As the proclamation produced little effect, Zbinek resorted to other measures. In the May and June of 1408 certain masters of Prague were brought up before the Archbishop’s deputies. Their names were Sigismund of Jistebnicz, Matthias Pater of Knin, Nicholas of Welemowicz, and another of whose name we are ignorant.
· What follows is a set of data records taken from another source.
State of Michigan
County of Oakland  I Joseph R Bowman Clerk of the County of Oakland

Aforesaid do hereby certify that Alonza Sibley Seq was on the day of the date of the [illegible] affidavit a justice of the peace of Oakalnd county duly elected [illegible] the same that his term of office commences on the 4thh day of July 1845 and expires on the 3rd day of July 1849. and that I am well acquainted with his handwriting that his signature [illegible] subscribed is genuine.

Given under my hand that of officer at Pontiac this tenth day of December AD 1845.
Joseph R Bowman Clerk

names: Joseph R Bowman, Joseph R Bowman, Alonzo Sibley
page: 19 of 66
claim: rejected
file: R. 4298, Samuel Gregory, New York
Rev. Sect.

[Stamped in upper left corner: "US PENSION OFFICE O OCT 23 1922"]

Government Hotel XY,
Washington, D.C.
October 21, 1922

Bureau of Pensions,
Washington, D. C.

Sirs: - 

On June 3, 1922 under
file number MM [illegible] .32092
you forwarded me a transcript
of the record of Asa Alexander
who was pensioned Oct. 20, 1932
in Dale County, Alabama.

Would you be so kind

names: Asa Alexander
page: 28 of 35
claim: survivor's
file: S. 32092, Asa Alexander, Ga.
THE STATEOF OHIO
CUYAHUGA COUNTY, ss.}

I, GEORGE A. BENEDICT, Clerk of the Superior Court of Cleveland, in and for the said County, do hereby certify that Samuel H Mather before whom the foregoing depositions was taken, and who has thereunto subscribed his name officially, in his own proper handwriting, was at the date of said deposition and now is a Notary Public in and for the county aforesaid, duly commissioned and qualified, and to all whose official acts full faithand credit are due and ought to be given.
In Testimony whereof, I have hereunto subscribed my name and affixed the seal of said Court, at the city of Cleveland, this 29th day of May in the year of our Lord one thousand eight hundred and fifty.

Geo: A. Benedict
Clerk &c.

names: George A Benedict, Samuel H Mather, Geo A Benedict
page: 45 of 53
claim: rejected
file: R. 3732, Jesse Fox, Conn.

One of these, Nicholas of Welemowitz, familiarly known as “Abraham,” an unlicensed preacher in the Church of the Holy Ghost at Prague, had asserted the Lollard idea that ‘laymen as well as priests should be allowed to preach,’ and at his trial refused to take any oath, “save by the living God.” Hus, who was present in court, openly defended Nicholas in the matter of the oath by a quotation from Chrysostom, for which he was indebted to Gratian’s Decretum.[2] “Ah, master,” retorted the Vicar-General, Kbel, “you came here to hear, not to talk.” Thus silenced in court, Hus appealed to Zbinek direct. The next day, July 1, 1408—a day which fixes the date of the letter—“Abraham” was released, though not, we imagine, in consequence of Hus’s interference. In reality, the trials were not pressed, though Matthias Pater of Knin was forced to abjure; for Wenzel the King was anxious to further his political projects (see infra, p. 18) by obtaining a clean bill, if we may so put it, for the character of his subjects. Accordingly Zbinek, a few days after the release of “Abraham,” declared in a Synod at Prague (July 17, 1408) ‘that after making diligent inquisition, he could find no heretic in Bohemia.’

  1. See infra, p. 140: note on “Baccalareus formatus.”
  2. Dec. Pars II. C .22, q. 1, c. 11. Really from Auctor Operis imperfecti in Matt. homily 44 on c. xxiii. (see infra, p. 65, n.). Hus may, however, have learned the passage from Wyclif, who quotes it in full in the Op. Evangel. lib. iii. p. 47 (De Antichristo, lib. i. c. 13).